When there is no where to turn, good people just leave. And in our current healthcare worker crisis any loss of personnel for human resource management issues is an absolute failure of stewardship.
This is so on point Cheryl. What are healthcare and medical institutions doing to prove they are trustworthy. After medical professionals go through so much to train ti have to endure circumstances that cause moral injury and other trauma leading to physician suicide. So far there’s nothing about medical training and practice environment that promotes trust, except for the professionals themselves, in my opinion.
If psych safety was never present in training and practice such that trust toward the institution never developed, what impact does that have on trainees and professionals?
I am struggling for the word that describes the situation where the abused are expected to manage the behaviour of the abuser all the time....keep them from boiling over ...it's such a sick approach.
But it happens.. In the end the abused modify their behaviour to prevent being abused. That is not a psychologically safe workplace. The fact that an organization would support this as a strategy is indefensible.
Narcissistic organisations don’t know they’re abusive, especially in healthcare when they believe they provide a setting for benevolence. People can end up with Stockholm syndrome after such abuse and show loyalty to the abusive authority. It really is sick.
Trust is a mixture of #belief and #knowledge that #people:
1⃣ will "#do what we need them to do" when we need them (#character),
2⃣ will "#know what they are doing" (#capability), and
3⃣ will "tell us what we need to know" to do our job (#communication).
Only #time can solidify the belief into knowledge
Thank you Kihbernetics! You've outlined a number of beliefs and actions that can affirm someone's trustworthiness. I think this is sound if you're a manager or someone with influence in an organisation. What happens from your end when the belief doesn't translate into knowledge because the other person didn't demonstrate your key criteria?
I see trust as the "glue" that keeps the organization together and I believe these three criteria can be used everywhere, not only to assess "subordinates". It is not uncommon for highly cohesive and effective teams to have absolutely no trust in their management.
#3 can always be fixed by implementing a better communication process, #2 by getting some more training, but there is not much you can do to fix a lack of character.
I think having a climate welcoming negative #feedback is crucial. Teams with a higher level of trust among members don't need so much positive (reinforcing) feedback.
Psychological safety in a nutshell. I appreciate your clarity and realistic description. Not much we can do about lack of character. Thank you!

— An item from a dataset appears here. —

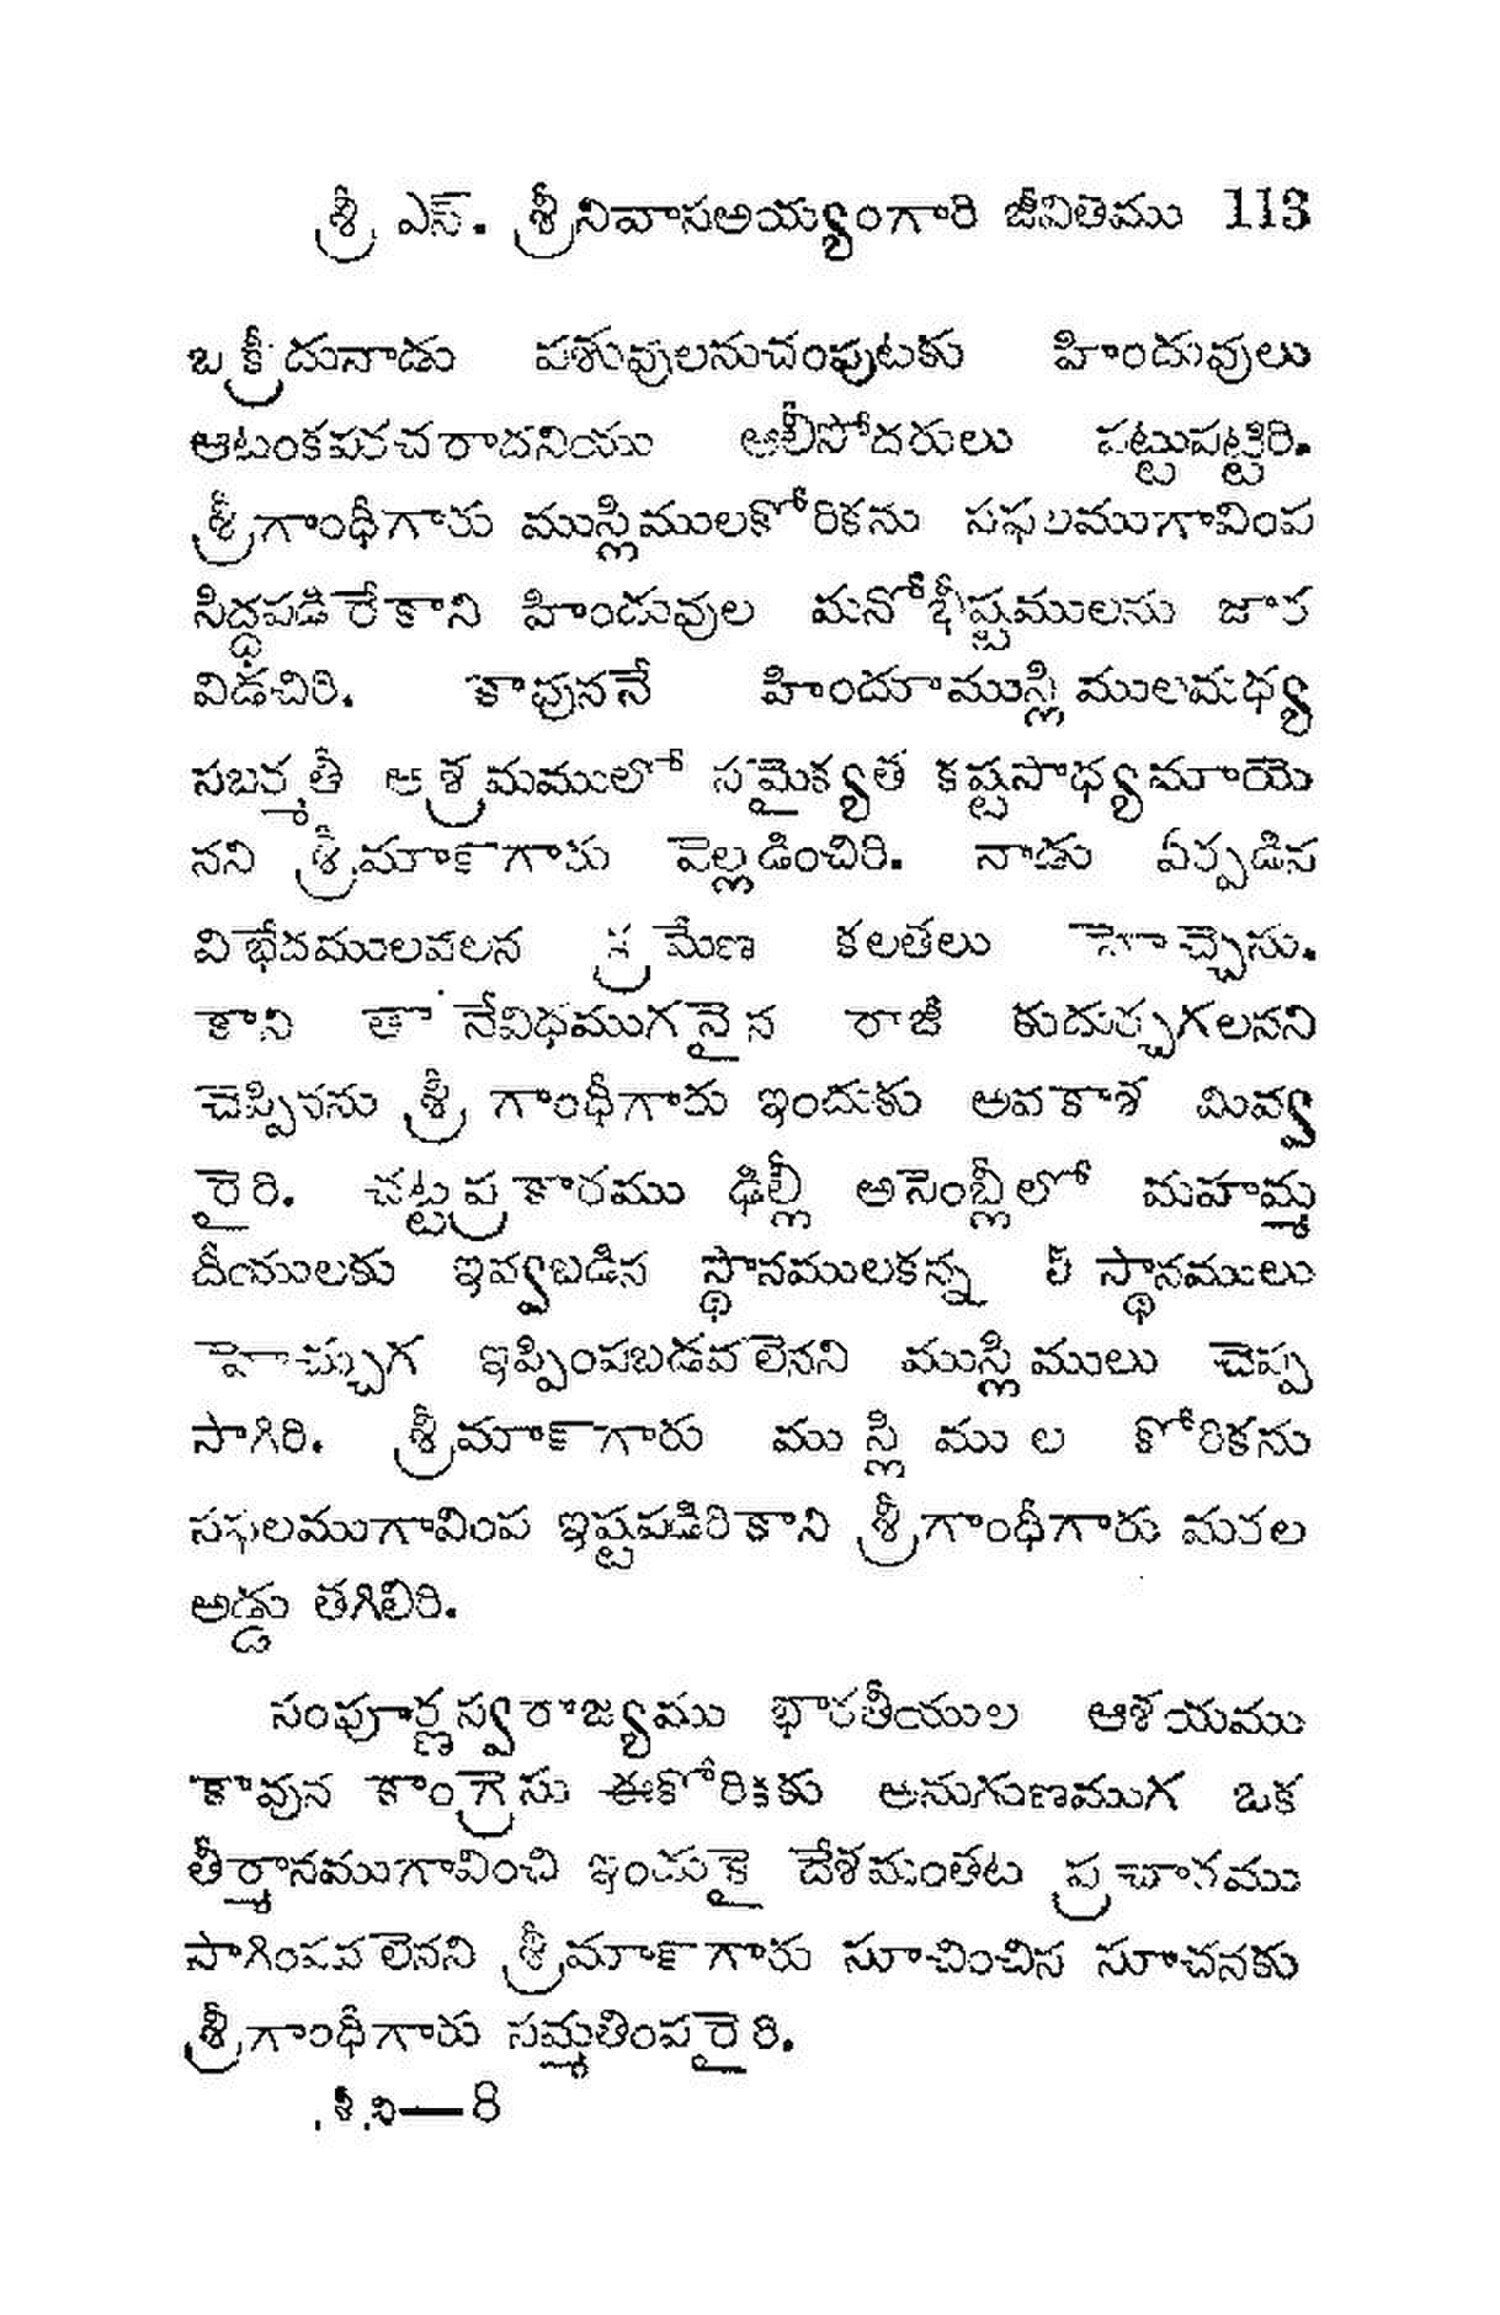బక్రీదునాడు పశువులనుచంపుటకు హిందువులు ఆటంకపరచరాదనియు ఆలీసోదరులు పట్టుపట్టిరి. శ్రీగాంధీగారు ముస్లిములకోరికను సఫలముగావింప సిద్దపడిరేకాని హిందువుల మనోభీష్టములను జార విడచిరి. కావుననే హిందూముస్లిములమధ్య సబర్మతీ ఆశ్రమములో సమైక్యత కష్టసాధ్యమాయె నని శ్రీమా౯గారు వెల్లడించిరి. నాడు ఏర్పడిన విభేదములవలన క్రమేణ కలతలు హెచ్చెను. కాని తా నేవిధముగనైన రాజీ కుదుర్చగలనని చెప్పినను శ్రీ గాంధీగారు ఇందుకు అవకాశ మివ్వరైరి. చట్టప్రకారము ఢిల్లీ అసెంబ్లీలో మహమ్మదీయులకు ఇవ్వబడిన స్థానములకన్న 5 స్థానములు హెచ్చుగ ఇప్పింపబడవలెనని ముస్లిములు చెప్ప సాగిరి. శ్రీమా౯గారు ముస్లీముల కోరికను సఫలముగావింప ఇష్టపడిరికాని శ్రీగాంధీగారు మరల అడ్డు తగిలిరి.

సంపూర్ణస్వరాజ్యము భారతీయుల ఆశయము కావున కాంగ్రెసు ఈకోరికకు అనుగుణముగ ఒక తీర్మానముగావించి ఇందుకై దేశమంతట ప్రచారము సాగింపవలెనని శ్రీమా౯గారు సూచించిన సూచనకు శ్రీగాంధీగారు సమ్మతింపరైరి.

I could write a book about this...but organizational ethics is an oxymoron if there is no fidelity to an organization's stated values. When actions are not aligned to values, trust is broken. In healthcare, trust is foundational to doing our work in often high risk environments.
I fully agree. I don’t believe any organisation/institution is capable of conducting themselves ethically or guiding an ethical culture if they can't genuinely demonstrate it among their leadership.
Question for everyone: Do you need to trust your organisation to be effective in your work there?